La poésie véritable est incluse dans tout ce qui ne se conforme pas à cette morale qui, pour maintenir son ordre, son prestige, ne sait construire que des banques, des casernes, des prisons, des églises, des bordels.

La poésie véritable est incluse dans tout ce qui affranchit l’homme de ce bien épouvantable qui a le visage de la mort. Elle est aussi bien dans l’œuvre de Sade, de Marx ou de Picasso que dans celle de Rimbaud, de Lautréamont ou de Freud.

Elle est dans l’invention de la radio, dans l'exploit du Tchéliouskine, dans la révolution des Asturies, dans les grèves de France et de Belgique. Elle peut être aussi bien dans la froide nécessité, celle de connaître ou de mieux  manger, que dans le goût du merveilleux.

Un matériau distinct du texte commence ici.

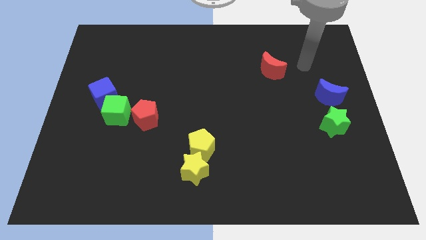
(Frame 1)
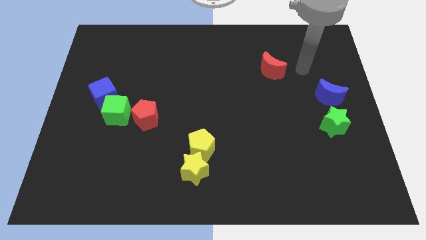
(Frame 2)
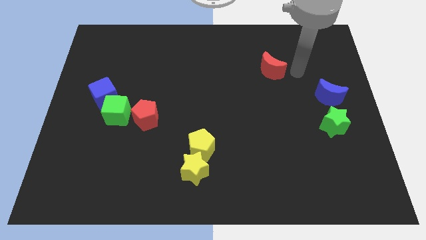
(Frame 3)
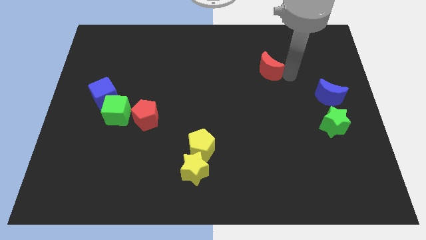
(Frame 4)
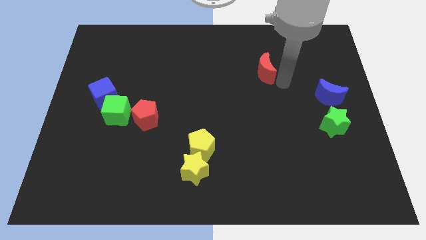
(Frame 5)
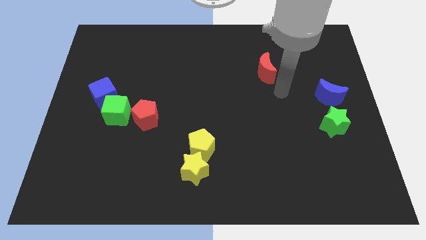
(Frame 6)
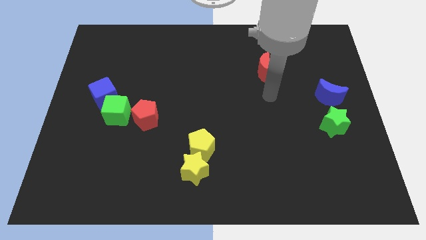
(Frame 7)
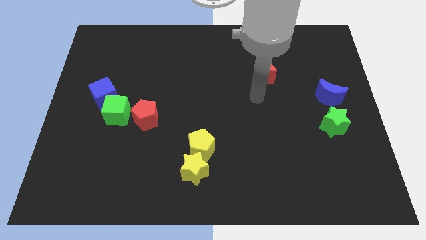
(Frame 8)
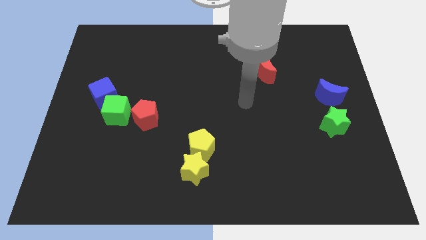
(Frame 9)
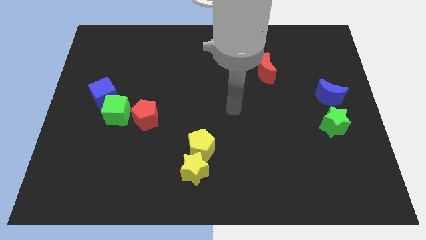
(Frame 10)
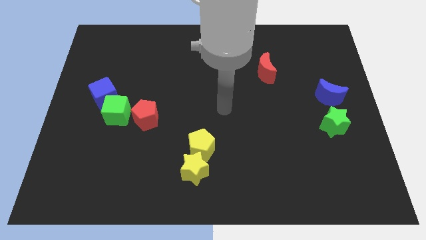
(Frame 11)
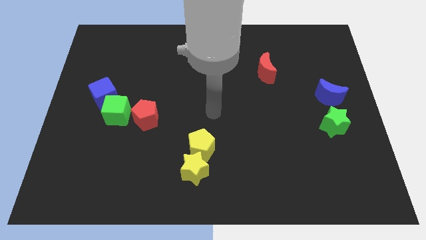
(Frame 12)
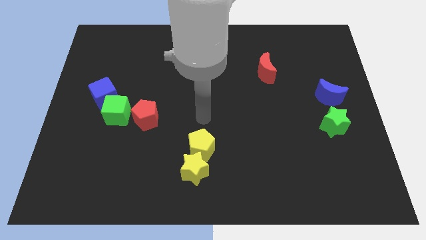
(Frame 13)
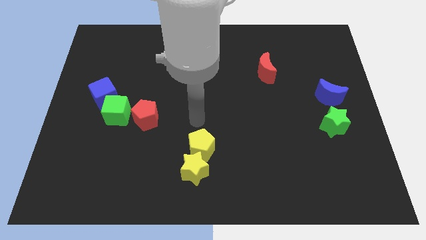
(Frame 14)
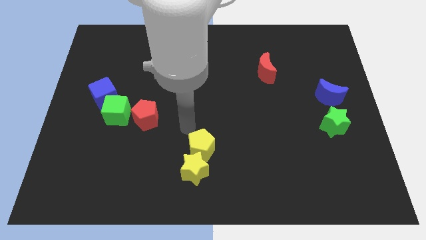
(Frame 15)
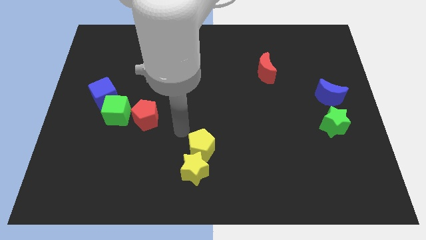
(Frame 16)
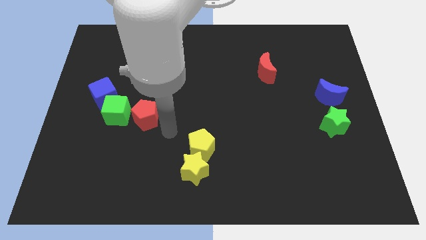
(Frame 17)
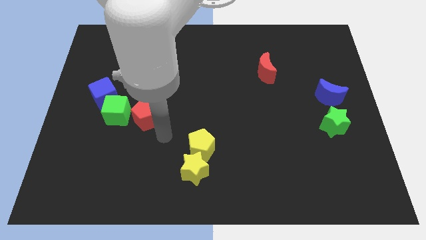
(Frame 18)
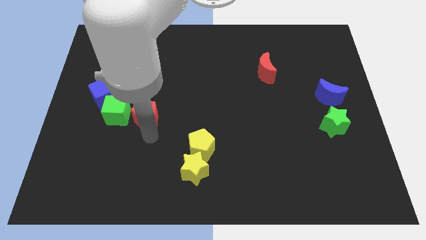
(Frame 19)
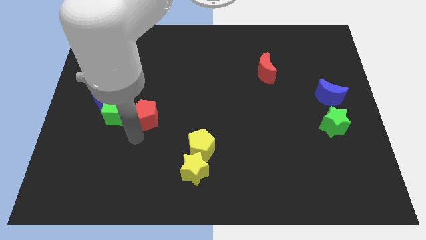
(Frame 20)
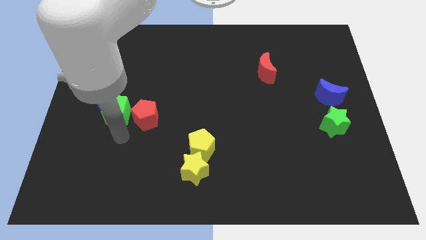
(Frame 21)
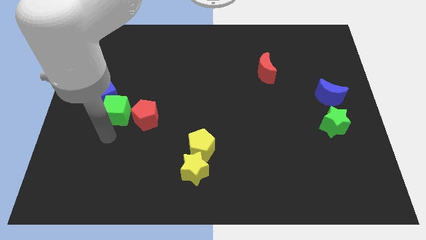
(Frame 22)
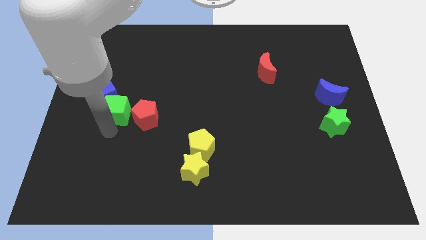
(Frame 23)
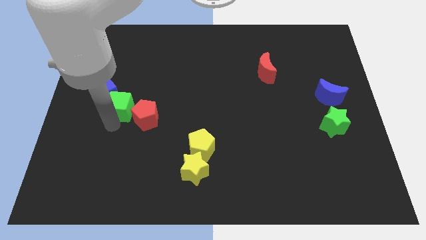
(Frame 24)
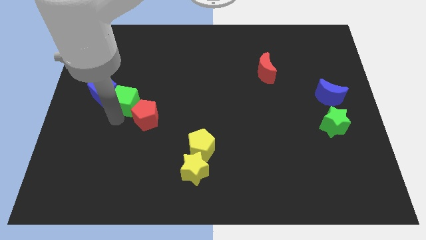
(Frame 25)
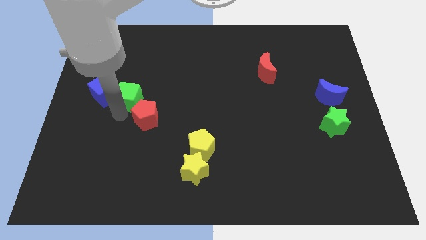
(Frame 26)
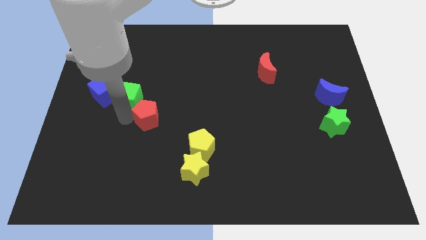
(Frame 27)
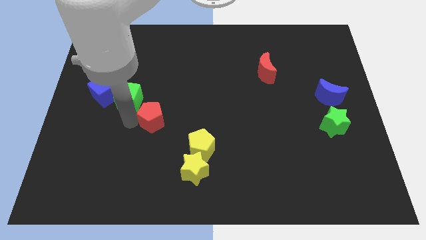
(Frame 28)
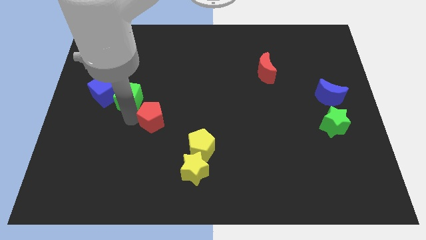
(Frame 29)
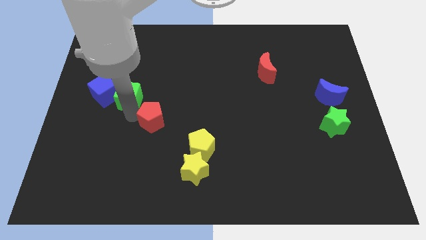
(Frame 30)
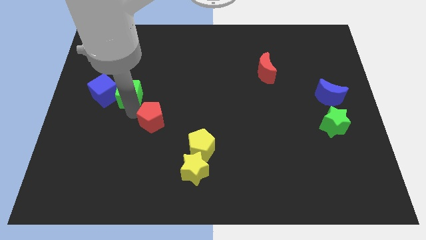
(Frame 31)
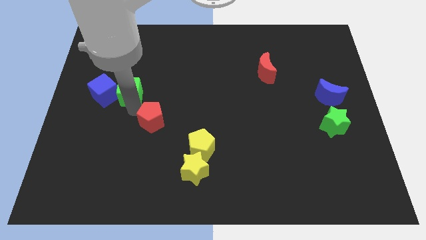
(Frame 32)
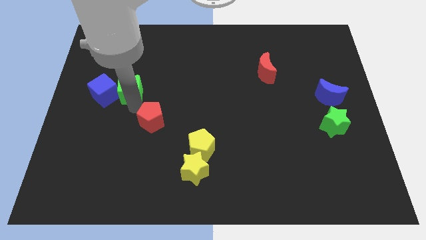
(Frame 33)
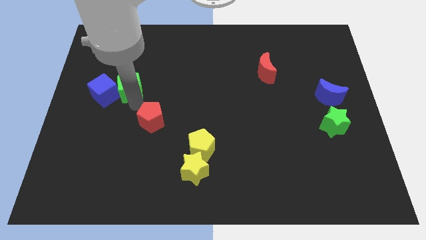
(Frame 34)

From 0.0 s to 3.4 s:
push the green cube slightly up

Depuis plus de cent ans, les poètes sont descendus des sommets sur lesquels ils se croyaient. Ils sont allés dans les rues, ils ont insulté leurs maîtres, ils n'ont plus de dieux, ils osent embrasser la beauté et l'amour sur la bouche, ils ont appris les chants de révolte de la foule malheureuse et, sans se rebuter, essaient de lui apprendre les leurs.

Peu leur importent les sarcasmes et les rires, ils y sont habitués, mais ils ont maintenant l'assurance de parler pour tous. Ils ont leur conscience pour eux. »

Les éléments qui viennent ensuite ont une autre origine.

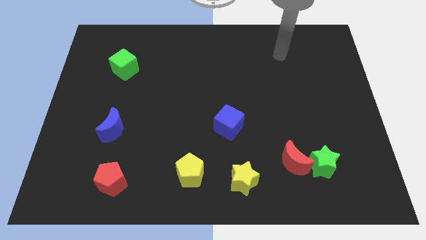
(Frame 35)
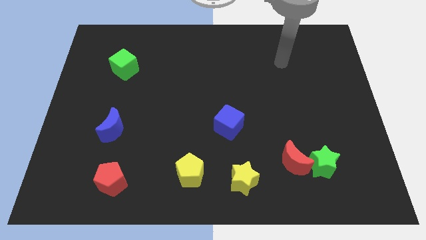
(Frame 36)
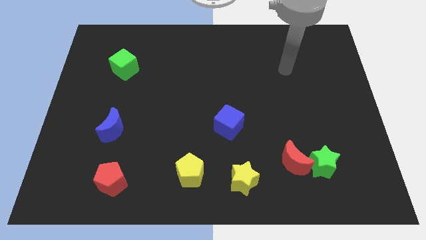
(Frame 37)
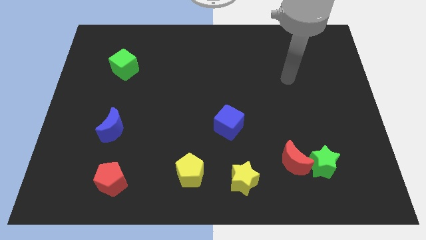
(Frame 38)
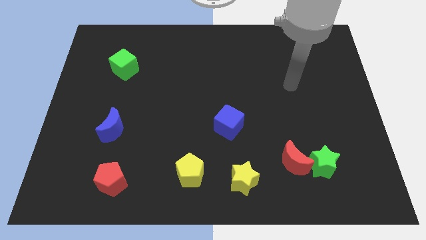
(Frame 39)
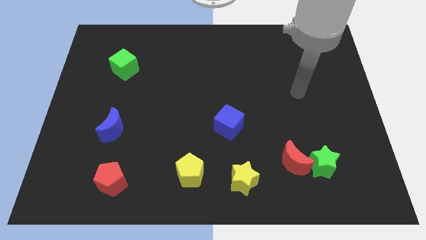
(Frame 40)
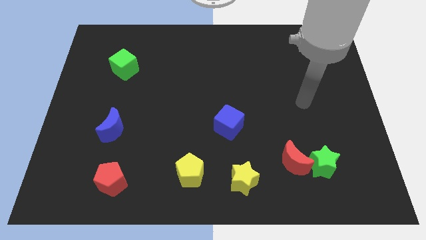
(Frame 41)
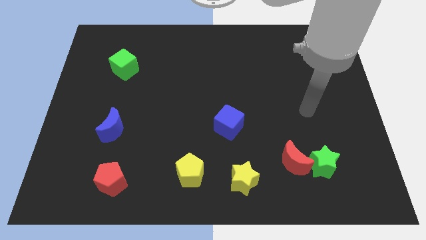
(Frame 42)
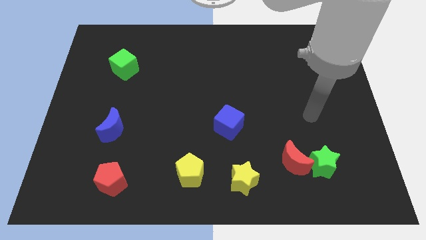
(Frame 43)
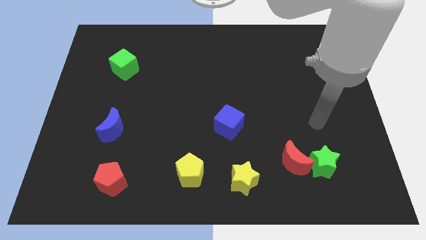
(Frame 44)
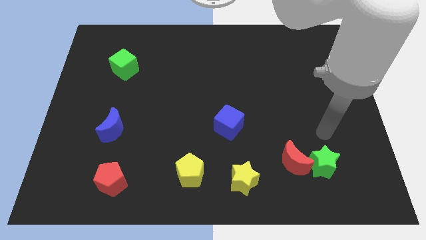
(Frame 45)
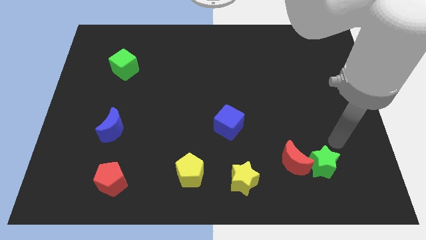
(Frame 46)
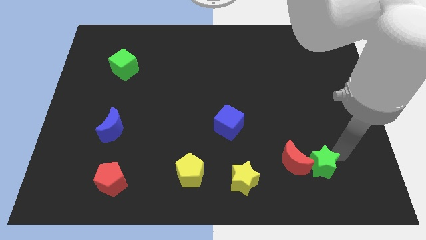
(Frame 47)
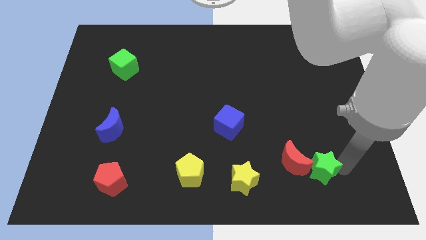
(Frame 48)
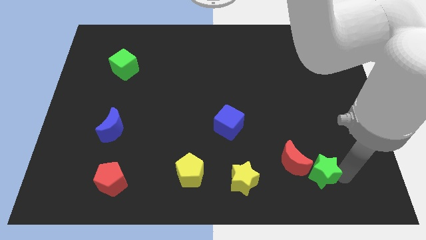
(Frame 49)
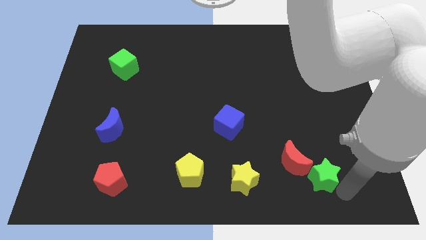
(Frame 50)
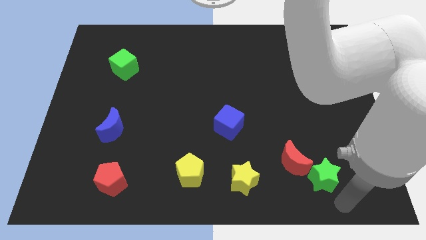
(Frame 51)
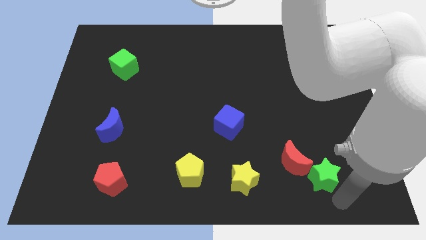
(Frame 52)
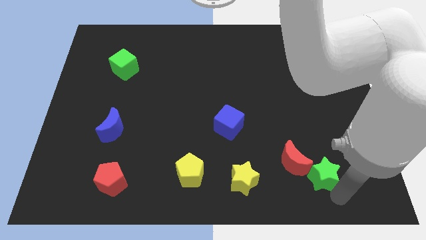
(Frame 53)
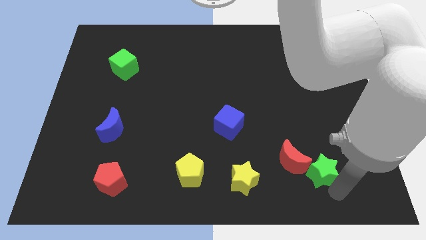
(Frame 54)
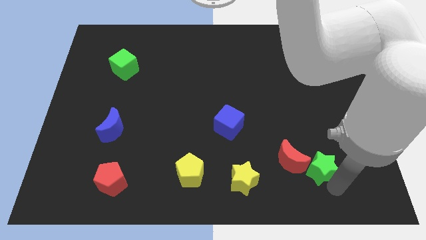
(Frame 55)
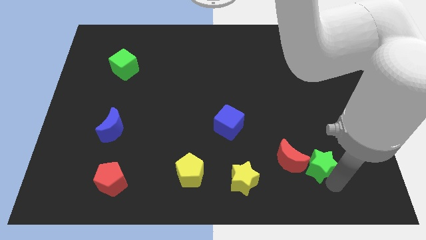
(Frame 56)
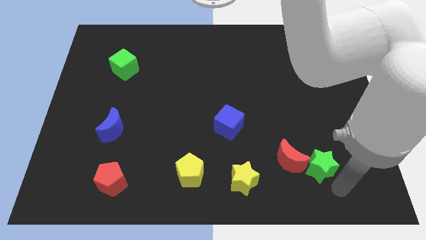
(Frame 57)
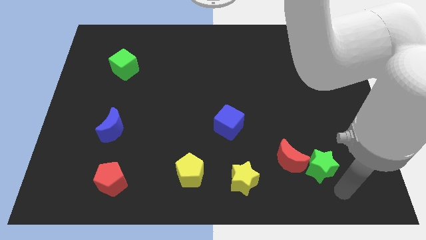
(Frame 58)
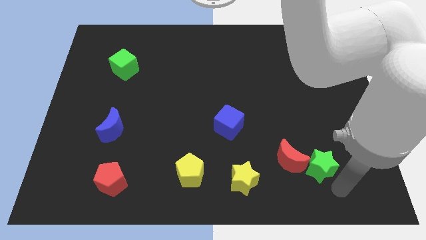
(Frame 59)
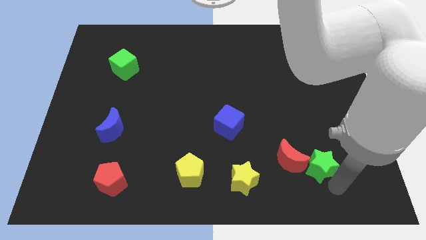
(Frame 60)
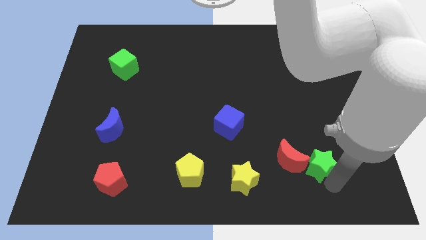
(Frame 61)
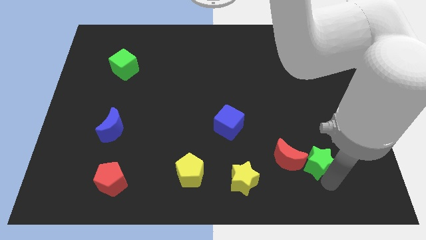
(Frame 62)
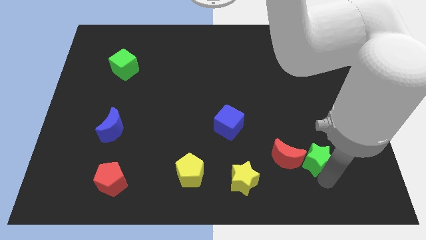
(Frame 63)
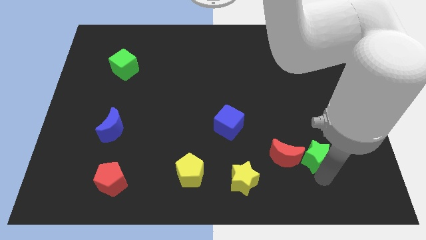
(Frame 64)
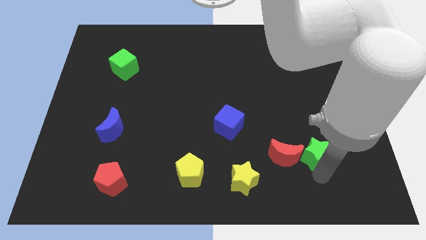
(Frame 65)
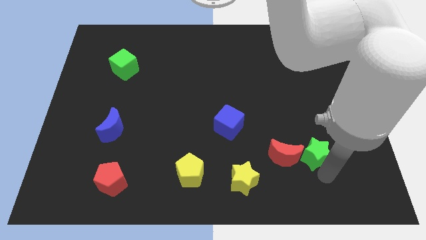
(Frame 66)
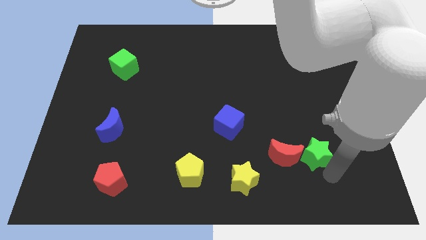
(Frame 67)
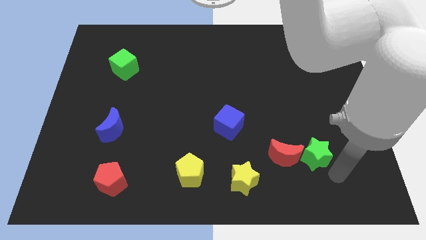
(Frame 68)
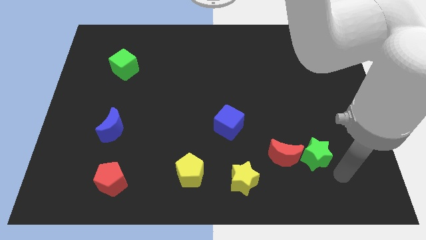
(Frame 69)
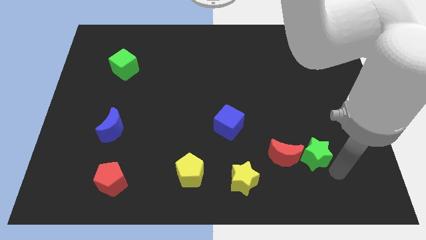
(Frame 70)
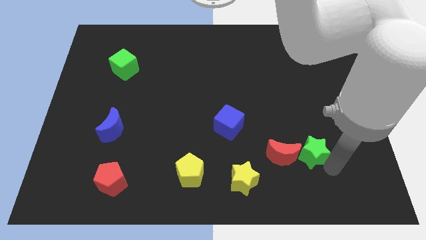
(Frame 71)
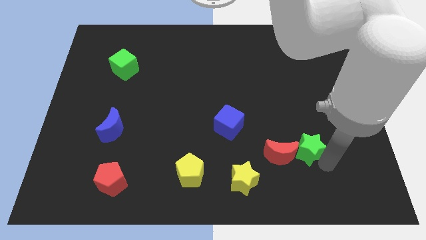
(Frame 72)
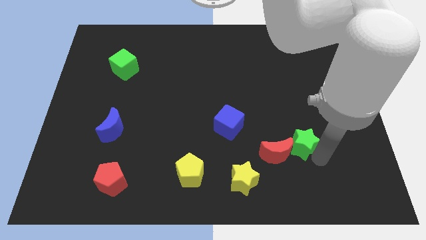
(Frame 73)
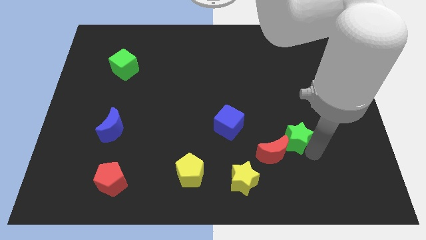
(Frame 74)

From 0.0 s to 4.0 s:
push the green star a bit up and then left

On comprend tout à fait qu'une fois dans le Parti Communiste, Eluard ait pu participer au renforcement du révisionnisme. Son soutien à Victor Hugo comme grande figure littéraire est une véritable agression à l'encontre du matérialisme dialectique, un soutien ouvert aux tendances anti-réaliste socialiste qui gangrenaient le Parti Communiste en Union Soviétique.

Si l'on veut d'ailleurs réellement comprendre impeccablement la nature social-démocrate du PCF, son basculement logique dans le révisionnisme, il suffit de lire le poème écrit par Eluard à l'occasion du 12e congrès du PCF, en avril 1950 :

Où en est-on à Gennevilliers
Où en est-on entre camarades
Et le Viet-Nam vient nous saluer
Dix étudiants légers et purs
Graves reflètent nos raisons
De vouloir abolir la honte

Thorez nous parle l'affection
La vérité moulent sa voix
Sa violence est de bonté
Sa clarté nous peint le possible
Tout le possible le bonheur
La paix si simple dans l'union

Thorez nous parle de justice
La France est le pays de justice
Il parle pour ceux qui travaillent
Pour ceux qui construisent la vie
Pour ceux qui tiennent dans leurs mains
La force d'assurer demain

La force d'être fraternels

Il en va de même pour « Joseph Staline », poème lu par Paul Eluard pour le film réalisé à l'occasion du 70e anniversaire de Staline, intitulé « L'homme que nous aimons le plus ».

Staline n'est pas compris comme une figure idéologique, mais comme l'URSS, en tant que force d'appui à l'esprit « social » qui devrait prédominer en France.

Staline est littéralement déminéralisé, il est un outil, une force d'appoint ; il ne représente rien sur le plan du contenu.

Les hommes surgissaient d’un lointain paysage
Ils avaient tous du cœur mais ils perdaient leurs forces
Ils s’embrumaient et rêvant d’or étaient de plomb
Les hommes surgissaient de leur enfance naine
Arriérés retardés ils adoraient les nuages
Misère charité leur paraissaient sacrées

Ô mes semblables morts anciens ou nés d’hier
Visages de santé qu’a vieillis l’esclavage
Vos besoins vous donnaient le désir d’être libres
Le désir d’être heureux le désir d’être forts
Forts avec la douceur d’une vitre très claire
Qui ne trouble pas l’onde où se reflète un frère

Et mille et mille frères ont porté Karl Marx
Et mille et mille frères ont porté Lénine
Et Staline pour nous est présent pour demain
Et Staline dissipe aujourd’hui le malheur
La confiance est le fruit de son cerveau d’amour
La grappe raisonnable tant elle est parfaite

Grâce à lui nous vivons sans connaître d’automne
L’horizon de Staline est toujours renaissant
Nous vivons sans douter et même au fond de l’ombre
Nous produisons la vie et réglons l’avenir
Il n’y a pas pour nous de jour sans lendemain
D’aurore sans midi de fraîcheur sans chaleur

Staline dans le coeur des hommes est un homme
Sous sa forme mortelle avec des cheveux gris
Brûlant d’un feu sanguin dans la vigne des hommes
Staline récompense les meilleurs des hommes
Et rend à leurs travaux la vertu du plaisir
Car travailler pour vivre est agir sur la vie

Car la vie et les hommes ont élu Staline
Pour figurer sur terre leurs espoirs sans bornes.

Paul Eluard a été une figure subjectiviste infiltrée dans le PCF ; son rôle a été particulièrement néfaste.